Just name one. The absolute best one. The cigar can have any country origin.


----------



## Zogg (Aug 31, 2010)

Padron Delicias - $15 for 5, so $3 a pop


----------



## Zfog (Oct 16, 2010)

Still new to this but I would have to say Indian Taba Super Fuerte


----------



## The Muffin Man (Jan 27, 2010)

My favorite like Zogg's is made by Padron, though it is the 3000 series ($3.8 each.)


----------



## 3r1ck (Jan 9, 2008)

Oliva V Lancero, right at the five dollar mark if you buy a box. My go to and favorite cigar.
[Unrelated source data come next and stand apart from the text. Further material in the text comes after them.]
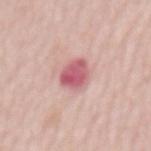Recorded during total-body skin imaging; not selected for excision or biopsy.
A female subject, roughly 65 years of age.
Automated tile analysis of the lesion measured a footprint of about 8 mm², an outline eccentricity of about 0.75 (0 = round, 1 = elongated), and two-axis asymmetry of about 0.15. And it measured an average lesion color of about L≈59 a*≈31 b*≈19 (CIELAB), a lesion–skin lightness drop of about 14, and a normalized border contrast of about 9. And it measured border irregularity of about 2 on a 0–10 scale and internal color variation of about 4.5 on a 0–10 scale. The analysis additionally found an automated nevus-likeness rating near 0 out of 100.
The lesion's longest dimension is about 4 mm.
Cropped from a whole-body photographic skin survey; the tile spans about 15 mm.
From the mid back.
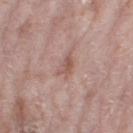biopsy_status: not biopsied; imaged during a skin examination
automated_metrics:
  border_irregularity_0_10: 4.0
  color_variation_0_10: 3.0
  peripheral_color_asymmetry: 1.0
  nevus_likeness_0_100: 0
  lesion_detection_confidence_0_100: 100
site: right thigh
image:
  source: total-body photography crop
  field_of_view_mm: 15
lighting: white-light
patient:
  sex: female
  age_approx: 70
lesion_size:
  long_diameter_mm_approx: 3.0
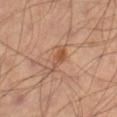Impression: Captured during whole-body skin photography for melanoma surveillance; the lesion was not biopsied. Background: This image is a 15 mm lesion crop taken from a total-body photograph. A male subject, approximately 65 years of age. Longest diameter approximately 4 mm. The lesion is on the right thigh. An algorithmic analysis of the crop reported about 8 CIELAB-L* units darker than the surrounding skin and a normalized border contrast of about 6.5. And it measured a border-irregularity rating of about 4.5/10, a color-variation rating of about 3/10, and a peripheral color-asymmetry measure near 0.5. The analysis additionally found an automated nevus-likeness rating near 20 out of 100 and a lesion-detection confidence of about 100/100. This is a cross-polarized tile.
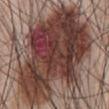Impression:
The lesion was tiled from a total-body skin photograph and was not biopsied.
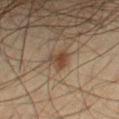  biopsy_status: not biopsied; imaged during a skin examination
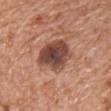Q: Is there a histopathology result?
A: total-body-photography surveillance lesion; no biopsy
Q: What did automated image analysis measure?
A: a lesion area of about 15 mm², a shape eccentricity near 0.8, and two-axis asymmetry of about 0.2; a border-irregularity index near 2.5/10, a within-lesion color-variation index near 6/10, and a peripheral color-asymmetry measure near 1.5; a nevus-likeness score of about 10/100 and a lesion-detection confidence of about 100/100
Q: What lighting was used for the tile?
A: white-light
Q: What are the patient's age and sex?
A: male, aged 63 to 67
Q: What kind of image is this?
A: 15 mm crop, total-body photography
Q: What is the anatomic site?
A: the chest
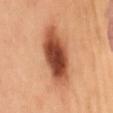Assessment:
Recorded during total-body skin imaging; not selected for excision or biopsy.
Context:
The lesion is located on the mid back. A female patient approximately 50 years of age. This image is a 15 mm lesion crop taken from a total-body photograph.
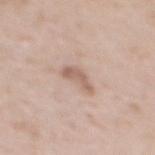{
  "biopsy_status": "not biopsied; imaged during a skin examination",
  "site": "back",
  "image": {
    "source": "total-body photography crop",
    "field_of_view_mm": 15
  },
  "lighting": "white-light",
  "lesion_size": {
    "long_diameter_mm_approx": 3.0
  },
  "automated_metrics": {
    "area_mm2_approx": 4.0,
    "eccentricity": 0.9,
    "shape_asymmetry": 0.55,
    "border_irregularity_0_10": 5.5,
    "color_variation_0_10": 1.0,
    "peripheral_color_asymmetry": 0.5,
    "nevus_likeness_0_100": 5,
    "lesion_detection_confidence_0_100": 100
  },
  "patient": {
    "sex": "female",
    "age_approx": 40
  }
}
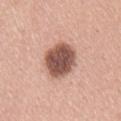Assessment:
Part of a total-body skin-imaging series; this lesion was reviewed on a skin check and was not flagged for biopsy.
Context:
Approximately 5 mm at its widest. A region of skin cropped from a whole-body photographic capture, roughly 15 mm wide. This is a white-light tile. The lesion is on the lower back. Automated image analysis of the tile measured a lesion area of about 15 mm² and a shape-asymmetry score of about 0.1 (0 = symmetric). The software also gave a lesion–skin lightness drop of about 19. The subject is a female aged 28–32.
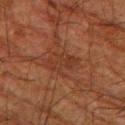Clinical impression:
Imaged during a routine full-body skin examination; the lesion was not biopsied and no histopathology is available.
Clinical summary:
A 15 mm close-up extracted from a 3D total-body photography capture. The tile uses cross-polarized illumination. The lesion is on the left thigh. The lesion's longest dimension is about 4 mm. The patient is a male roughly 80 years of age.

I also like the Oliva O a lot too. That might be a bit closer to being under the five dollar mark.


----------



## Mutombo (Aug 3, 2010)

You can score DPG Serie JJ Maduro 5 packs on the Jambalaya for $25, so that'd be my pick. For a cigar that is always under $5, I'd go with the Diesel UC.


----------



## Arnie (Jan 5, 2009)

Partagas Short


----------



## ninersfan (Aug 15, 2009)

I can get Cubao No. 2's for around $4.20, so this gets my vote. Granted, this is a special deal so for a regularly priced < $5.00 smoke, I'd look at LHO III's from Holts


----------



## 1029henry (Jan 18, 2010)

I'd have to go with a Rocky Patel Vintage 1990. Man, talk about smoooooooth! Of course that's a sale price......


----------



## bimmerboy318 (Sep 1, 2010)

Any of the Oliva cigars that come in sizes for less than $5.


----------



## Scott W. (Jul 10, 2008)

HdM Palma Extra or a Boli PC.


----------



## Broz (Oct 16, 2010)

Still exploring myself. I like Olivas... but so far the only cigar to blow my socks off is the Diesel Unholy Cocktail. Can be had for around $3 a stick.


----------



## Batista30 (Sep 13, 2010)

Padilla Signature 1932 Torpedo for $3.75.


----------



## Rock31 (Sep 30, 2010)

Currently for me is Punch Uppercut, bought a box for $61. May be bias since that was my first box purchase lol.


----------



## gahdzila (Apr 29, 2010)

Less than $5...

Maybe I've got the palate of a goat, but there are a LOT of REALLY GOOD cigars under $5. 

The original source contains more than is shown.